Я сказал, что этой ночью ему вряд ли разрешат свидание, но он ответил слабым голосом, что обязан хотя бы попытаться, торопливо надел пальто и вышел.
Когда я остался в комнате, где бюст Инесы, изысканный и роковой, глядел на меня с пьедестала, мысли мои устремились туда, куда они не раз уже устремлялись в эти последние часы. «Ещё одна жестокая весть!» — подумал я. Но странное оцепенение, охватившее мои члены и даже лицевые мускулы, не позволяло мне подойти к телефону и вызвать Пфейферинг. Неправда! Я снял трубку, я держал её в опущенной руке и слышал приглушённый, словно раздававшийся из подземелья голос телефонистки. Но мне вдруг показалось, должно быть от крайней моей усталости, что я совершенно бесцельно переполошу ночным звонком семейство Швейгештилей, что не стоит рассказывать Адриану о случившемся, более того, что я буду смешон в своём рвении, и я положил трубку обратно на рычаг.
Рассказ мой спешит к концу, как всё вокруг. Всё в страхе мчится навстречу концу, под знаком конца стоит мир, по крайней мере для нас, немцев, ибо наша тысячелетняя история дошла до абсурда, показала себя несостоятельной; давно уже шла она ложным путём и вот сорвалась в ничто, в отчаянии, в беспримерную катастрофу, в кромешную тьму, где пляшут языки адского пламени.
Если не лжёт немецкая пословица, утверждающая, что праведный путь сплошь праведен, то нельзя не признать, что путь к этому бедствию был пагубен — я употребил это слово в самом суровом, религиозном его значении, — пагубен в каждой своей пяди, в каждом изгибе, как ни горько сделать этот логический вывод тому, кто любит. Неизбежное признание этой пагубности отнюдь не равнозначно отрицанию любви. Я, рядовой немец и учёный, любил многое немецкое, более того, моя незначительная, но исполненная преданного восхищения жизнь была отдана любви, часто отпугиваемой, всегда робкой, но навеки верной любви к истинно немецкому человеку и художнику, таинственная греховность и страшный конец которого нисколько не поколебали моей любви, возможно — как знать! — являющейся лишь отблеском благоволения господня.

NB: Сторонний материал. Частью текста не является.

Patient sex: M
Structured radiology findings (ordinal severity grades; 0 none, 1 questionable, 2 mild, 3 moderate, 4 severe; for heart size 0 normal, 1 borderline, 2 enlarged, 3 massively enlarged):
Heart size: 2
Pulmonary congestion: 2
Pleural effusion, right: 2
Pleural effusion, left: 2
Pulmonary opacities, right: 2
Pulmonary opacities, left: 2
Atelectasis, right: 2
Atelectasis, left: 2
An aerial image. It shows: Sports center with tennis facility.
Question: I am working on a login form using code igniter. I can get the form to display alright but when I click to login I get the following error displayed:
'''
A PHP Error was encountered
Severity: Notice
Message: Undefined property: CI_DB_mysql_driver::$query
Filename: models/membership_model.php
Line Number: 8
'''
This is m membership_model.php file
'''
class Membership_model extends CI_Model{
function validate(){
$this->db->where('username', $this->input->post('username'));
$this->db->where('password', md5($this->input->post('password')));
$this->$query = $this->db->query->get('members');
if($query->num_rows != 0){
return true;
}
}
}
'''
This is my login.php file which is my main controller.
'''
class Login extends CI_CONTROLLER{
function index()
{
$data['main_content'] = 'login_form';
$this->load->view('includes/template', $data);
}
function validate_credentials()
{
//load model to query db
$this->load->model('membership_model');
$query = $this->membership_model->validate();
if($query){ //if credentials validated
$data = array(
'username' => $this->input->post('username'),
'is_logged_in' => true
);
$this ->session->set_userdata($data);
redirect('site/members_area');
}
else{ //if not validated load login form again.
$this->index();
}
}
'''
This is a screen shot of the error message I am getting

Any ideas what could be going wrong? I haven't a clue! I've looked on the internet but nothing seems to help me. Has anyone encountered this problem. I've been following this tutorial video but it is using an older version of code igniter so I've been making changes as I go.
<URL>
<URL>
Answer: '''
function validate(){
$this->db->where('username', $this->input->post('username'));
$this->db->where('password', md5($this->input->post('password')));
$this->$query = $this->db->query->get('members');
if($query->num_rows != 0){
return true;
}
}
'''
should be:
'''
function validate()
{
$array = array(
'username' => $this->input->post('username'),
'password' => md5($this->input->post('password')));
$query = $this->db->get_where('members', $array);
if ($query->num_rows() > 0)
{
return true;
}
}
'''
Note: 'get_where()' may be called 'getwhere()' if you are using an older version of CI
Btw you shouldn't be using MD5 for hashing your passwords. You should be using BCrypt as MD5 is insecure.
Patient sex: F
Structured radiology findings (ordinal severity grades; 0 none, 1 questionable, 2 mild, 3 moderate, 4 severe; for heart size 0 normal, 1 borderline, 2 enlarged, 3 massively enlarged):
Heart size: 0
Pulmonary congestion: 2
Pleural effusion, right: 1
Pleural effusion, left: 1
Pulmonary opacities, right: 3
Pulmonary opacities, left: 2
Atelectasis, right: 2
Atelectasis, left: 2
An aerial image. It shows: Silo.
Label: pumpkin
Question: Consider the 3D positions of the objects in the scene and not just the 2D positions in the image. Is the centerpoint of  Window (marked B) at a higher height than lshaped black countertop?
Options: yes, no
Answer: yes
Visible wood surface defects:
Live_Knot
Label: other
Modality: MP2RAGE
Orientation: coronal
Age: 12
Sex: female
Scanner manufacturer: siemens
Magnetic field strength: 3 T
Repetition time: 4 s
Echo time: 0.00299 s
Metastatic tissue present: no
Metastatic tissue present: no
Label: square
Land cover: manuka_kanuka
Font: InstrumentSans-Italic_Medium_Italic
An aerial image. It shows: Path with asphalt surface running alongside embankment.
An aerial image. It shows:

Весь сжавшись в ожидании неизбежной развязки, дальше которой не смеет помыслить человек, сижу я в своём фрейзингском уединении, стараясь не видеть нашего так ужасно разрушенного Мюнхена, поваленных статуй, фасадов с пустыми глазницами, уже готовых вот-вот открыть зияющее позади них «ничто», приумножив груды щебня на мостовой. Сердце моё полно жалости к неразумным моим сыновьям; они верили, как верило большинство народа, верили, ликовали, шли на жертвы и сражались, а теперь давно уже вместе с миллионами себе подобных вкусили той трезвости, которая должна обернуться полнейшей беспомощностью, последним отчаянием. Мне, не исповедовавшему их веры, не разделявшему их счастья, они не станут ближе из-за своей беды. Только ещё возложат на меня вину за неё, как будто бы мог измениться ход вещей в зависимости от моей веры или неверия. Господь да поможет им! Я один со своей старой Еленой; она заботится о моём телесном благополучии, и время от времени я читаю ей отрывки, теперь уже более гладкие, из этой книги, на окончании которой, среди этого страшного распада, сосредоточены все мои чувства и мысли.
Пророческое возвещение конца, названное «Apocalypsis cum figuris», величественно и резко прозвучало в феврале 1926 года во Франкфурте-на-Майне, приблизительно через год после ужасных событий, о которых я только что рассказал, и, вероятно, душевная подавленность — след, ими оставленный, — и не позволила Адриану переломить себя, выйти из привычного затвора и лично присутствовать на концерте, в высшей степени сенсационном, несмотря на ряд злобных выкриков и пошлой ругани. Он никогда не слышал своего произведения — одного из двух главных свидетельств его суровой и гордой жизни; и об этом не надо так уж горько сетовать, принимая во внимание то, что он любил говорить о «слушании». Кроме меня — мне удалось освободиться на несколько дней для этой поездки, — из близких наших знакомых только милая Жанетта Шейрль, несмотря на свои ограниченные средства, приехала во Франкфурт, чтобы потом в Пфейферинге подробно обо всём рассказать Адриану на своём неповторимом франко-баварском диалекте. В то время он всегда радовался посещениям элегантной «мужички»: её близость действовала на него успокоительно, давала ему ощущение какой-то охраняющей силы, и однажды мне довелось видеть, что они сидели рука в руку в уголке игуменского покоя, сидели молча, словно спрятавшись. Это «рука в руку» было ему несвойственно, оно означало в нём перемену, которую я воспринял растроганно, даже радостно, но не без боязни.